# Task details
As the lines appear below, please set them down exactly, starting at the first and finishing with the one containing "der gestanden, in der Schweiz".

# Material provided
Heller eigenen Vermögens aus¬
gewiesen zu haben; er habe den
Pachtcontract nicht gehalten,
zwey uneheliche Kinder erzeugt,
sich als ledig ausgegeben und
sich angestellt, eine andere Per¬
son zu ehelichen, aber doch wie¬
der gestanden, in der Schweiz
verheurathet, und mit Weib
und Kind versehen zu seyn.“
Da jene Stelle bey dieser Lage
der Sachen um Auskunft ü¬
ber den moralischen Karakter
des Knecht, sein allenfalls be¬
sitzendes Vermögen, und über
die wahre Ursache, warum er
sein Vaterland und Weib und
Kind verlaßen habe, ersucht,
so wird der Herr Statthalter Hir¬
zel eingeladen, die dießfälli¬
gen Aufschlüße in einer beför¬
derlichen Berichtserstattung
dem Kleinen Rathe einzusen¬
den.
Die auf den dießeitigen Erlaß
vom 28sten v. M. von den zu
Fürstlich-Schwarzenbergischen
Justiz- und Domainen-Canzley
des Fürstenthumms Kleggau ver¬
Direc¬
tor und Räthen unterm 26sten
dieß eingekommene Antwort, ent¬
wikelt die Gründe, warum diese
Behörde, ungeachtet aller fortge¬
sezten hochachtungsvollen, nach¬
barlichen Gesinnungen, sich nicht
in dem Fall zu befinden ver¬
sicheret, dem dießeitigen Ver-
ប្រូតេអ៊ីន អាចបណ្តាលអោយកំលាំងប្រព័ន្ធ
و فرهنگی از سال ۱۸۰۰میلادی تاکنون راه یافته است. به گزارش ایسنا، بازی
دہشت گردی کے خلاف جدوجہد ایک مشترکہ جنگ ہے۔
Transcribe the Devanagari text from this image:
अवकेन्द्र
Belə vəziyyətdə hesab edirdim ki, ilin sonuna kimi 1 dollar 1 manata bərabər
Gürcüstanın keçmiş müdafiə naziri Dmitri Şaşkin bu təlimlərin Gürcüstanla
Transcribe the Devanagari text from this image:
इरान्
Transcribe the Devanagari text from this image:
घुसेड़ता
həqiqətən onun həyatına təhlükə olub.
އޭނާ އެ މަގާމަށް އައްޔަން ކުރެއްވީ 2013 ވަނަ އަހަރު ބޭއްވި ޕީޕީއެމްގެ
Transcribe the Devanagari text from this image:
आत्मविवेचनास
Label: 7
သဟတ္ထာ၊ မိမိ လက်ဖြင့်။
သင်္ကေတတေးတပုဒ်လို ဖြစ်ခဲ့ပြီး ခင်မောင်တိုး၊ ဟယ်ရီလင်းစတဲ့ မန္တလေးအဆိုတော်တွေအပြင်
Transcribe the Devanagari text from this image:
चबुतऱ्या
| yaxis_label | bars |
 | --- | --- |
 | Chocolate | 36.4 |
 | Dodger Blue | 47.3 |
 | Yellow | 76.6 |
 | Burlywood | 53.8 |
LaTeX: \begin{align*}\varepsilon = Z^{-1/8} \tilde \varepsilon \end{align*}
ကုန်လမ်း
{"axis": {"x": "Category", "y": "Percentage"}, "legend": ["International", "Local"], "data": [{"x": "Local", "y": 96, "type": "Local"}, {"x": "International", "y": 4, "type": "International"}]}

# Exercise response
Heller eigenen Vermögens aus¬
gewiesen zu haben; er habe den
Pachtcontract nicht gehalten,
zwey uneheliche Kinder erzeugt,
sich als ledig ausgegeben und
sich angestellt, eine andere Per¬
son zu ehelichen, aber doch wie¬
der gestanden, in der Schweiz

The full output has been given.